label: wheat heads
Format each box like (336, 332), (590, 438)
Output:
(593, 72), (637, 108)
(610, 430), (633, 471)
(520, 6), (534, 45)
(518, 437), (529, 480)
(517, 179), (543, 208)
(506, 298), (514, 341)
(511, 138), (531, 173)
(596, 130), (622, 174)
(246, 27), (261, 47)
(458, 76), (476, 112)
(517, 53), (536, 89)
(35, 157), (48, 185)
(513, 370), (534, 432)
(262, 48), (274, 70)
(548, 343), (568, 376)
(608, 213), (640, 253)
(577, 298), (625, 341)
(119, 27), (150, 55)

━━━━━━

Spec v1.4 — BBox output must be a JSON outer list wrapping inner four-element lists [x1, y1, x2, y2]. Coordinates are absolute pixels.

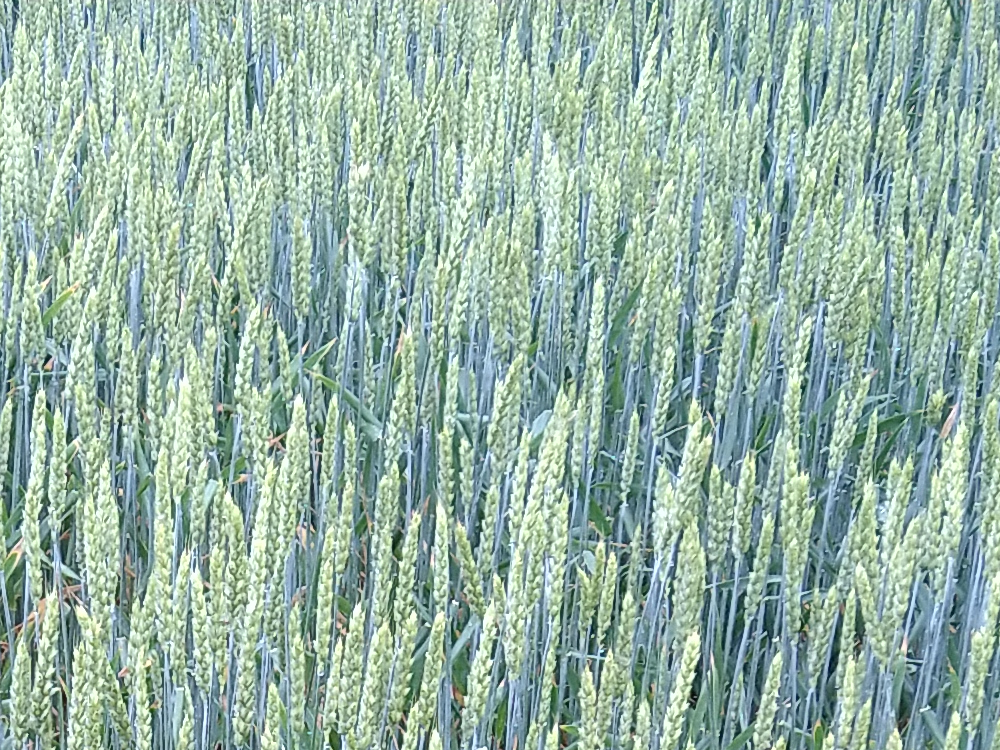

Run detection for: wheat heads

━━━━━━

Set out every line from the material that contains the string "wheat".

label: wheat heads
Run detection for: wheat heads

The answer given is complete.